Records from a data collection

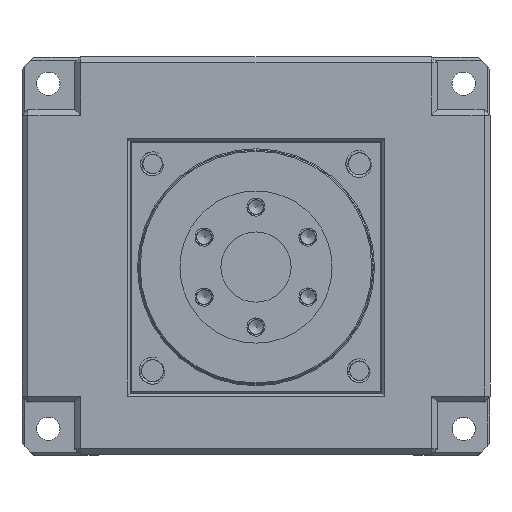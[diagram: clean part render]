
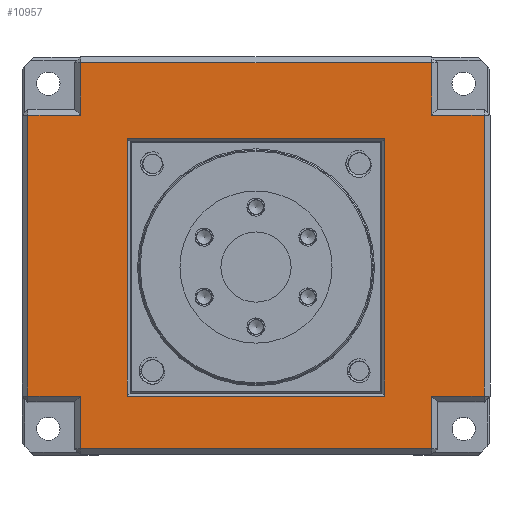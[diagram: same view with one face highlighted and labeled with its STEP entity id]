
A CAD part, top view. The second image highlights one B-rep face of the part: STEP entity #10957.
In plain terms, the highlighted face is planar.
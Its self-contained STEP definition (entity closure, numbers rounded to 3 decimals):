
#1347=FACE_BOUND('',#2055,.T.);
#1424=FACE_OUTER_BOUND('',#2054,.T.);
#2054=EDGE_LOOP('',(#7312,#7313,#7314,#7315,#7316,#7317,#7318,#7319,#7320,
#7321,#7322,#7323));
#2055=EDGE_LOOP('',(#7324,#7325,#7326,#7327));
#2749=LINE('',#14741,#3593);
#2753=LINE('',#14749,#3597);
#2758=LINE('',#14758,#3602);
#2759=LINE('',#14760,#3603);
#2766=LINE('',#14775,#3610);
#2767=LINE('',#14777,#3611);
#2768=LINE('',#14779,#3612);
#2769=LINE('',#14781,#3613);
#2770=LINE('',#14783,#3614);
#2771=LINE('',#14785,#3615);
#2772=LINE('',#14787,#3616);
#2773=LINE('',#14789,#3617);
#2774=LINE('',#14791,#3618);
#2775=LINE('',#14793,#3619);
#2776=LINE('',#14795,#3620);
#2777=LINE('',#14796,#3621);
#3593=VECTOR('',#12390,10.);
#3597=VECTOR('',#12396,10.);
#3602=VECTOR('',#12403,10.);
#3603=VECTOR('',#12406,10.);
#3610=VECTOR('',#12419,10.);
#3611=VECTOR('',#12420,10.);
#3612=VECTOR('',#12421,10.);
#3613=VECTOR('',#12422,10.);
#3614=VECTOR('',#12423,10.);
#3615=VECTOR('',#12424,10.);
#3616=VECTOR('',#12425,10.);
#3617=VECTOR('',#12426,10.);
#3618=VECTOR('',#12427,10.);
#3619=VECTOR('',#12428,10.);
#3620=VECTOR('',#12429,10.);
#3621=VECTOR('',#12430,10.);
#4437=VERTEX_POINT('',#14739);
#4438=VERTEX_POINT('',#14740);
#4441=VERTEX_POINT('',#14748);
#4444=VERTEX_POINT('',#14756);
#4448=VERTEX_POINT('',#14773);
#4449=VERTEX_POINT('',#14774);
#4450=VERTEX_POINT('',#14776);
#4451=VERTEX_POINT('',#14778);
#4452=VERTEX_POINT('',#14780);
#4453=VERTEX_POINT('',#14782);
#4454=VERTEX_POINT('',#14784);
#4455=VERTEX_POINT('',#14786);
#4456=VERTEX_POINT('',#14788);
#4457=VERTEX_POINT('',#14790);
#4458=VERTEX_POINT('',#14792);
#4459=VERTEX_POINT('',#14794);
#5565=EDGE_CURVE('',#4437,#4438,#2749,.T.);
#5569=EDGE_CURVE('',#4438,#4441,#2753,.T.);
#5574=EDGE_CURVE('',#4444,#4437,#2758,.T.);
#5575=EDGE_CURVE('',#4441,#4444,#2759,.T.);
#5582=EDGE_CURVE('',#4448,#4449,#2766,.T.);
#5583=EDGE_CURVE('',#4450,#4448,#2767,.T.);
#5584=EDGE_CURVE('',#4451,#4450,#2768,.T.);
#5585=EDGE_CURVE('',#4452,#4451,#2769,.T.);
#5586=EDGE_CURVE('',#4453,#4452,#2770,.T.);
#5587=EDGE_CURVE('',#4454,#4453,#2771,.T.);
#5588=EDGE_CURVE('',#4455,#4454,#2772,.T.);
#5589=EDGE_CURVE('',#4456,#4455,#2773,.T.);
#5590=EDGE_CURVE('',#4457,#4456,#2774,.T.);
#5591=EDGE_CURVE('',#4458,#4457,#2775,.T.);
#5592=EDGE_CURVE('',#4459,#4458,#2776,.T.);
#5593=EDGE_CURVE('',#4449,#4459,#2777,.T.);
#7312=ORIENTED_EDGE('',*,*,#5582,.F.);
#7313=ORIENTED_EDGE('',*,*,#5583,.F.);
#7314=ORIENTED_EDGE('',*,*,#5584,.F.);
#7315=ORIENTED_EDGE('',*,*,#5585,.F.);
#7316=ORIENTED_EDGE('',*,*,#5586,.F.);
#7317=ORIENTED_EDGE('',*,*,#5587,.F.);
#7318=ORIENTED_EDGE('',*,*,#5588,.F.);
#7319=ORIENTED_EDGE('',*,*,#5589,.F.);
#7320=ORIENTED_EDGE('',*,*,#5590,.F.);
#7321=ORIENTED_EDGE('',*,*,#5591,.F.);
#7322=ORIENTED_EDGE('',*,*,#5592,.F.);
#7323=ORIENTED_EDGE('',*,*,#5593,.F.);
#7324=ORIENTED_EDGE('',*,*,#5565,.F.);
#7325=ORIENTED_EDGE('',*,*,#5574,.F.);
#7326=ORIENTED_EDGE('',*,*,#5575,.F.);
#7327=ORIENTED_EDGE('',*,*,#5569,.F.);
#10740=PLANE('',#11638);
#10957=ADVANCED_FACE('',(#1424,#1347),#10740,.F.);
#11638=AXIS2_PLACEMENT_3D('',#14772,#12417,#12418);
#12390=DIRECTION('',(-1.,0.,0.));
#12396=DIRECTION('',(0.,1.,0.));
#12403=DIRECTION('',(0.,-1.,0.));
#12406=DIRECTION('',(1.,0.,0.));
#12417=DIRECTION('center_axis',(0.,0.,1.));
#12418=DIRECTION('ref_axis',(1.,0.,0.));
#12419=DIRECTION('',(0.,1.,0.));
#12420=DIRECTION('',(1.,0.,0.));
#12421=DIRECTION('',(0.,-1.,0.));
#12422=DIRECTION('',(1.,0.,0.));
#12423=DIRECTION('',(0.,-1.,0.));
#12424=DIRECTION('',(-1.,0.,0.));
#12425=DIRECTION('',(0.,-1.,0.));
#12426=DIRECTION('',(-1.,0.,0.));
#12427=DIRECTION('',(0.,1.,0.));
#12428=DIRECTION('',(-1.,0.,0.));
#12429=DIRECTION('',(0.,1.,0.));
#12430=DIRECTION('',(1.,0.,0.));
#14739=CARTESIAN_POINT('',(62.,-50.,0.));
#14740=CARTESIAN_POINT('',(18.,-50.,0.));
#14741=CARTESIAN_POINT('',(29.25,-50.,0.));
#14748=CARTESIAN_POINT('',(18.,-6.,0.));
#14749=CARTESIAN_POINT('',(18.,-25.75,0.));
#14756=CARTESIAN_POINT('',(62.,-6.,0.));
#14758=CARTESIAN_POINT('',(62.,-47.25,0.));
#14760=CARTESIAN_POINT('',(50.75,-6.,0.));
#14772=CARTESIAN_POINT('Origin',(40.,-45.,0.));
#14773=CARTESIAN_POINT('',(70.,-59.,0.));
#14774=CARTESIAN_POINT('',(70.,-50.,0.));
#14775=CARTESIAN_POINT('',(70.,-48.,0.));
#14776=CARTESIAN_POINT('',(10.,-59.,0.));
#14777=CARTESIAN_POINT('',(20.,-59.,0.));
#14778=CARTESIAN_POINT('',(10.,-50.,0.));
#14779=CARTESIAN_POINT('',(10.,-52.5,0.));
#14780=CARTESIAN_POINT('',(1.,-50.,0.));
#14781=CARTESIAN_POINT('',(24.5,-50.,0.));
#14782=CARTESIAN_POINT('',(1.,-2.,0.));
#14783=CARTESIAN_POINT('',(1.,-22.5,0.));
#14784=CARTESIAN_POINT('',(10.,-2.,0.));
#14785=CARTESIAN_POINT('',(20.,-2.,0.));
#14786=CARTESIAN_POINT('',(10.,7.,0.));
#14787=CARTESIAN_POINT('',(10.,-23.,0.));
#14788=CARTESIAN_POINT('',(70.,7.,0.));
#14789=CARTESIAN_POINT('',(60.,7.,0.));
#14790=CARTESIAN_POINT('',(70.,-2.,0.));
#14791=CARTESIAN_POINT('',(70.,-18.5,0.));
#14792=CARTESIAN_POINT('',(79.,-2.,0.));
#14793=CARTESIAN_POINT('',(55.5,-2.,0.));
#14794=CARTESIAN_POINT('',(79.,-50.,0.));
#14795=CARTESIAN_POINT('',(79.,-67.5,0.));
#14796=CARTESIAN_POINT('',(60.,-50.,0.));

- TASK ITEM -
Which lines above run from the one containing "#14739=CARTESIAN_POINT('',(62.,-50.,0.));" down to the one containing "#14788=CARTESIAN_POINT('',(70.,7.,0.));"? Repeat exactly those, both ends included, and nothing else.

- REPLY -
#14739=CARTESIAN_POINT('',(62.,-50.,0.));
#14740=CARTESIAN_POINT('',(18.,-50.,0.));
#14741=CARTESIAN_POINT('',(29.25,-50.,0.));
#14748=CARTESIAN_POINT('',(18.,-6.,0.));
#14749=CARTESIAN_POINT('',(18.,-25.75,0.));
#14756=CARTESIAN_POINT('',(62.,-6.,0.));
#14758=CARTESIAN_POINT('',(62.,-47.25,0.));
#14760=CARTESIAN_POINT('',(50.75,-6.,0.));
#14772=CARTESIAN_POINT('Origin',(40.,-45.,0.));
#14773=CARTESIAN_POINT('',(70.,-59.,0.));
#14774=CARTESIAN_POINT('',(70.,-50.,0.));
#14775=CARTESIAN_POINT('',(70.,-48.,0.));
#14776=CARTESIAN_POINT('',(10.,-59.,0.));
#14777=CARTESIAN_POINT('',(20.,-59.,0.));
#14778=CARTESIAN_POINT('',(10.,-50.,0.));
#14779=CARTESIAN_POINT('',(10.,-52.5,0.));
#14780=CARTESIAN_POINT('',(1.,-50.,0.));
#14781=CARTESIAN_POINT('',(24.5,-50.,0.));
#14782=CARTESIAN_POINT('',(1.,-2.,0.));
#14783=CARTESIAN_POINT('',(1.,-22.5,0.));
#14784=CARTESIAN_POINT('',(10.,-2.,0.));
#14785=CARTESIAN_POINT('',(20.,-2.,0.));
#14786=CARTESIAN_POINT('',(10.,7.,0.));
#14787=CARTESIAN_POINT('',(10.,-23.,0.));
#14788=CARTESIAN_POINT('',(70.,7.,0.));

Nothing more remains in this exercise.